Antimicrobial Susceptibility, Biochemical Characterization and Molecular Typing of Biofield Treated Klebsiella pneumoniae
Mahendra Kumar Trivedi, Alice Branton, Dahryn Trivedi, Mayank Gangwar, Snehasis Jana
Pathogenic isolates of Klebsiella pneumoniae (K. pneumoniae), particularly the extended-spectrum β-lactamase (ESBL) producing strains, are mostly associated with the failure of antibiotic therapy in nosocomial infections. The present work was designed to evaluate the impact of Mr. Trivedi’s biofield energy treatment on phenotypic and genotypic characteristics of K. pneumoniae. The strain of K. pneumoniae bearing ATCC 15380 (American Type Culture Collection) was procured from the Bangalore Genei, in sealed pack and divided into control and treated groups. Treated group was subjected to Mr. Trivedi’s biofield energy treatment and analyzed for the antimicrobial susceptibility, minimum inhibitory concentration (MIC), biochemical reactions, and biotyping using automated MicroScan Walk-Away® system. Further, the effect of biofield treatment was also evaluated using Random Amplified Polymorphic DNA (RAPD) in order to determine their epidemiological relatedness and genetic characteristics of biofield treated K. pneumoniae samples.

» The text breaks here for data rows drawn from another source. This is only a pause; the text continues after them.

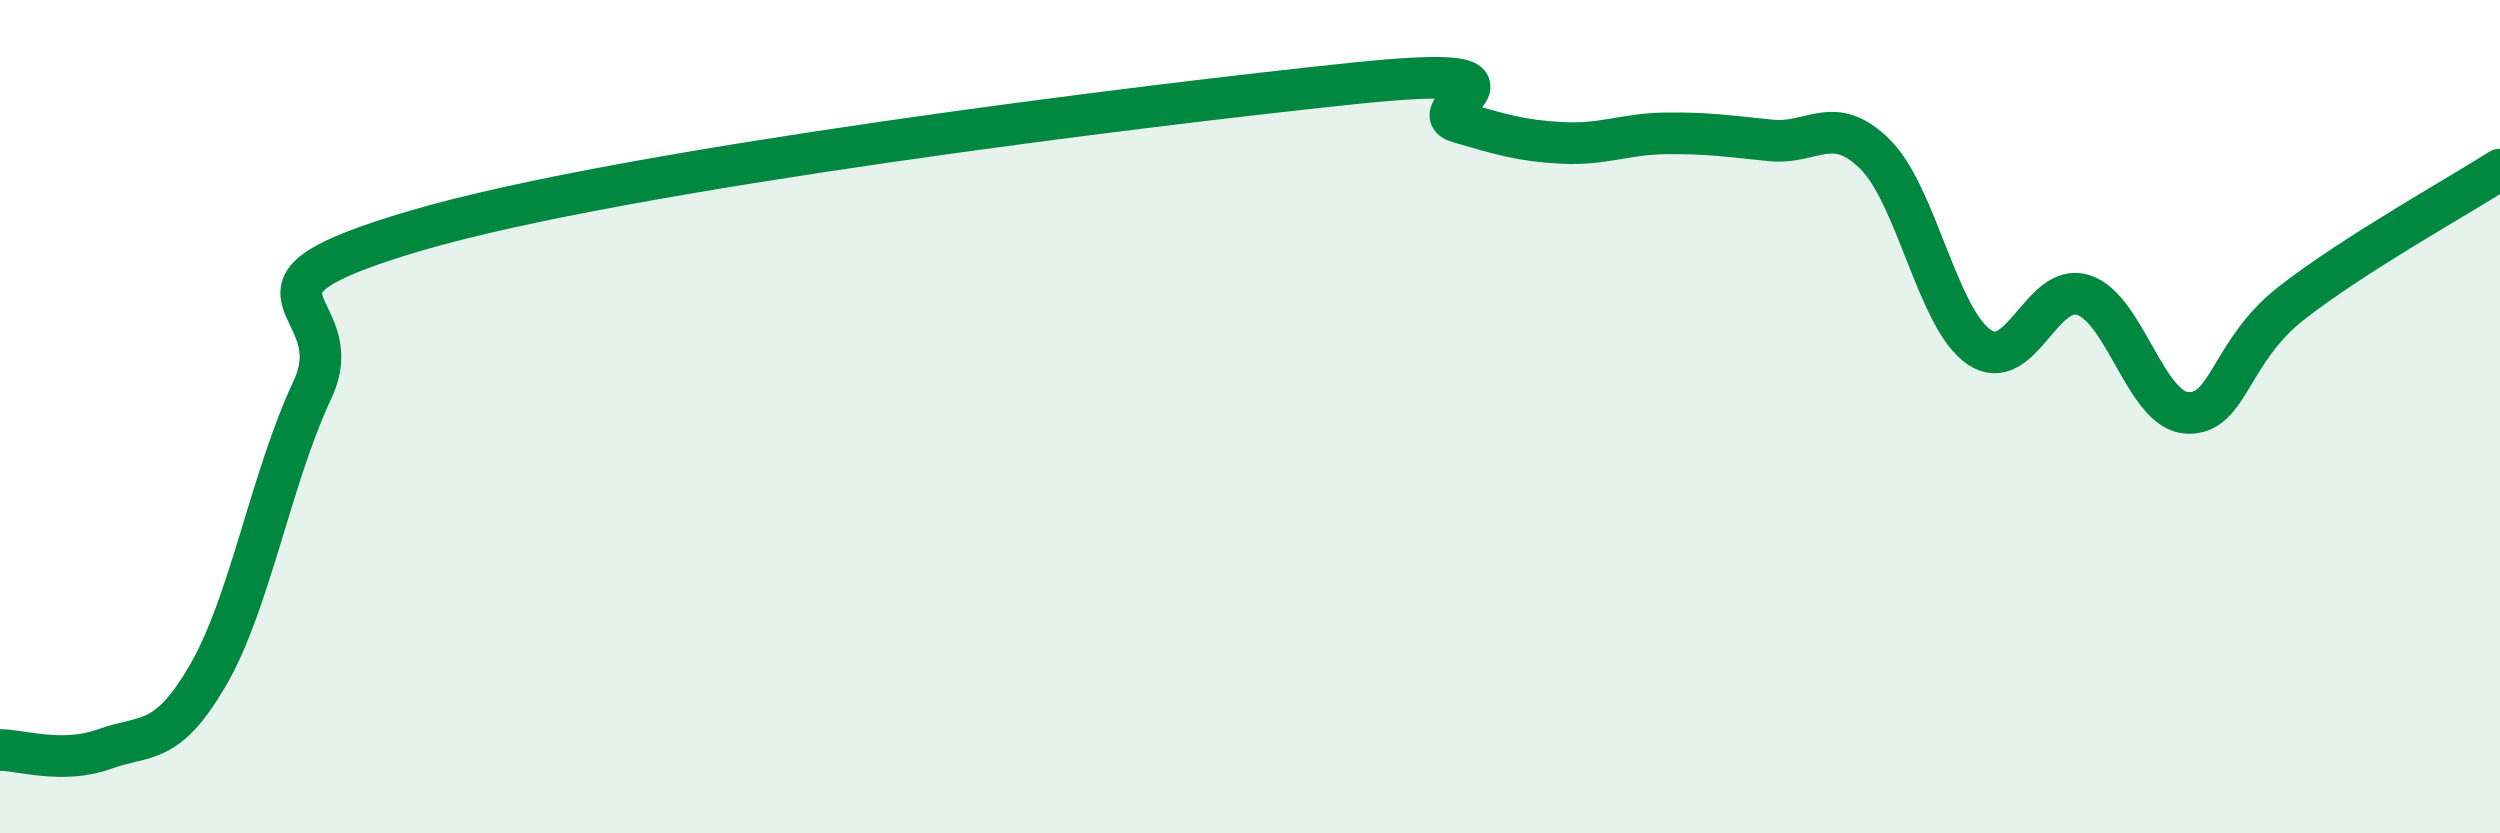 
    <svg width="60" height="20" viewBox="0 0 60 20" xmlns="http://www.w3.org/2000/svg">
      <path
        d="M 0,18 C 0.5,18 1.5,18.34 2.5,17.98 C 3.5,17.62 4,17.92 5,16.19 C 6,14.46 6.5,11.48 7.5,9.35 C 8.5,7.22 5,7 10,5.53 C 15,4.06 27.5,2.52 32.5,2 C 37.5,1.48 34,2.64 35,2.93 C 36,3.22 36.5,3.38 37.5,3.43 C 38.5,3.48 39,3.21 40,3.2 C 41,3.19 41.5,3.27 42.5,3.37 C 43.5,3.47 44,2.71 45,3.7 C 46,4.69 46.5,7.65 47.5,8.33 C 48.5,9.01 49,6.76 50,7.08 C 51,7.4 51.5,9.87 52.5,9.91 C 53.5,9.95 53.5,8.44 55,7.27 C 56.5,6.1 59,4.71 60,4.07L60 20L0 20Z"
        fill="#008740"
        opacity="0.1"
        stroke-linecap="round"
        stroke-linejoin="round"
      />
      <path
        d="M 0,18 C 0.5,18 1.5,18.34 2.5,17.98 C 3.5,17.62 4,17.92 5,16.19 C 6,14.46 6.5,11.48 7.5,9.35 C 8.5,7.22 5,7 10,5.53 C 15,4.06 27.5,2.52 32.5,2 C 37.5,1.48 34,2.64 35,2.93 C 36,3.22 36.5,3.38 37.5,3.43 C 38.5,3.48 39,3.21 40,3.2 C 41,3.19 41.5,3.27 42.5,3.37 C 43.5,3.47 44,2.71 45,3.7 C 46,4.69 46.5,7.65 47.5,8.33 C 48.5,9.01 49,6.76 50,7.08 C 51,7.4 51.5,9.87 52.5,9.91 C 53.5,9.95 53.5,8.44 55,7.27 C 56.5,6.1 59,4.71 60,4.07"
        stroke="#008740"
        stroke-width="1"
        fill="none"
        stroke-linecap="round"
        stroke-linejoin="round"
      />
    </svg>

The antimicrobial susceptibility results showed an improve sensitivity (i.e. from intermediate to susceptible) of ampicillin/sulbactam and chloramphenicol, while altered sensitivity of cephalothin (i.e. from susceptible to intermediate) was also reported as compared to the control sample. The MIC value showed two-fold decrease in MIC value of ampicillin/sulbactam (i.e. 16/8 to ≤8/4 µg/mL) and chloramphenicol (i.e. 16 to ≤ 8 µg/mL) as compared to the control. The cephalothin showed two-folds change (i.e. ≤ 8 to 16 µg/mL) in the MIC value as compared with the control. Biofield treatment showed 9.09% alterations in biochemical reactions followed by a change in biotype number (7774 4272) in the treated group with respect to the control (7774 4274). Genetic fingerprinting was performed on control and treated samples using RAPD-PCR biomarkers, which showed an average range of 11 to 15% of polymorphism among the treated samples with respect to the control. These results suggested that Mr. Trivedi’s biofield energy treatment has a significant impact on K. Pneumoniae.